§ TASK REQUIREMENTS
Please produce an exact copy of only the lines from the one with "Does the leading" through the last one of the material, without pictures.

§ DATASET
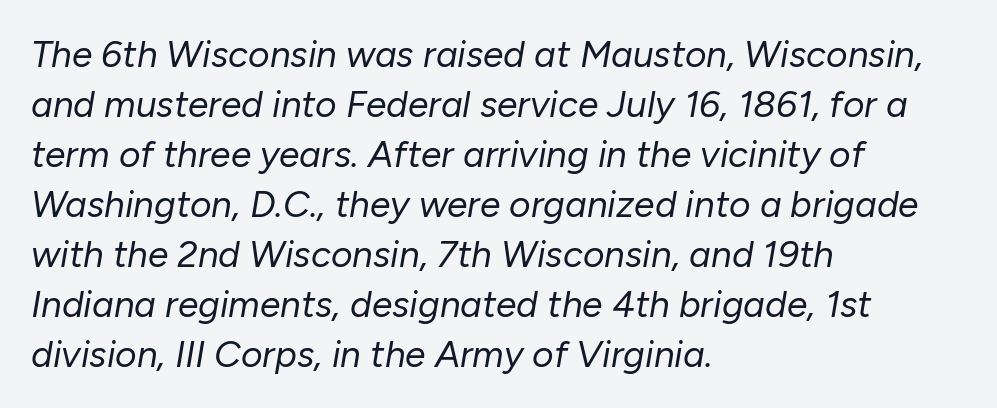
Q: Is the text bold? A: No.
Q: Is the text italic (slanted)? A: Yes, it leans right by about 10 degrees.
Q: Is the text underlined? A: No.
Q: How is the paragraph aligned? A: Left-aligned.
Q: Is the spacing between letters normal or unusually wide? A: Normal.
Q: Is the spacing between lines tight, normal or loose? A: Normal.
Q: Width (condensed, normal, or wide)? A: Normal.
Q: Stroke contrast? A: Low.
Q: x-height? A: Medium.
Q: Monospaced? A: No.
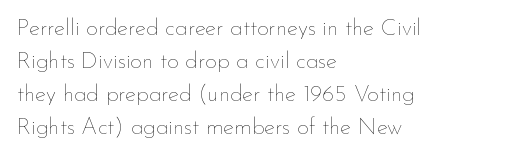
The image shows 23 px text type, upright; set left-aligned, normal line spacing (1.44x), normal letter spacing, not underlined.
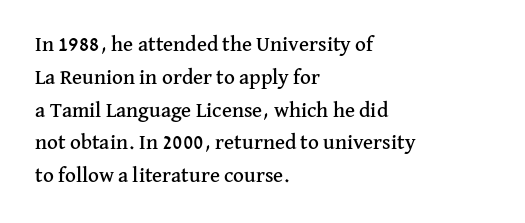
Q: Is the text italic (slanted)? A: No, it is upright.
Q: Is the text underlined? A: No.
Q: How is the paragraph aligned? A: Left-aligned.
Q: Is the spacing between letters normal or unusually wide? A: Normal.
Q: Is the spacing between lines tight, normal or loose? A: Normal.
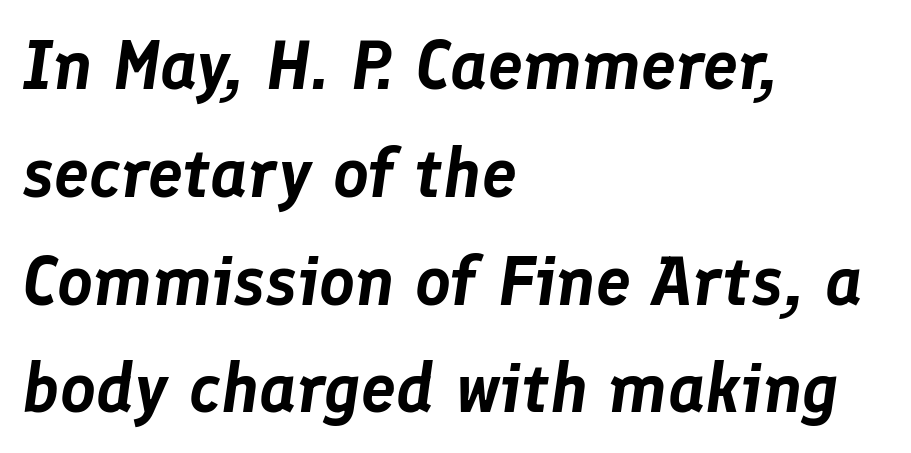
Does the leading feel generous? No, just average. Note the varied advance widths — an 'i' is clearly narrower than an 'm'. Every character sits at an angle, as italics do. Between one letter and the next there's only the usual sliver of space.
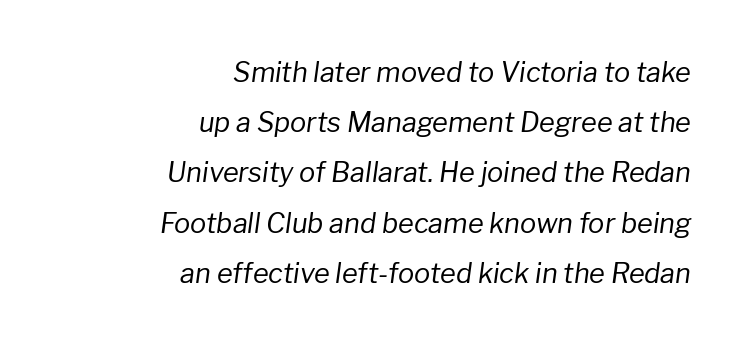
{"italic": "yes", "lean": "right", "slant_degrees": 8, "bold": "no", "underline": "no", "align": "right", "line_spacing_ratio": 1.86, "letter_spacing": "normal", "letter_spacing_em": 0.0, "glyph_px": 27}
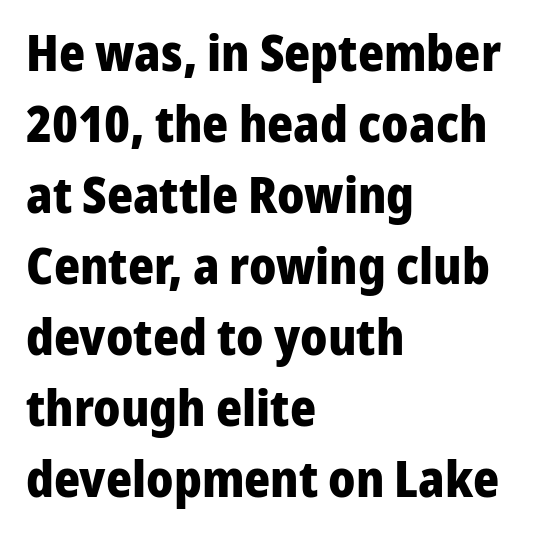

§ SOLVED PROBLEM
Does the leading feel generous? No, just average. Note the varied advance widths — an 'i' is clearly narrower than an 'm'. Every character sits at an angle, as italics do. Between one letter and the next there's only the usual sliver of space.
{"italic": "yes", "lean": "right", "slant_degrees": 8, "bold": "no", "underline": "no", "align": "right", "line_spacing_ratio": 1.86, "letter_spacing": "normal", "letter_spacing_em": 0.0, "glyph_px": 27}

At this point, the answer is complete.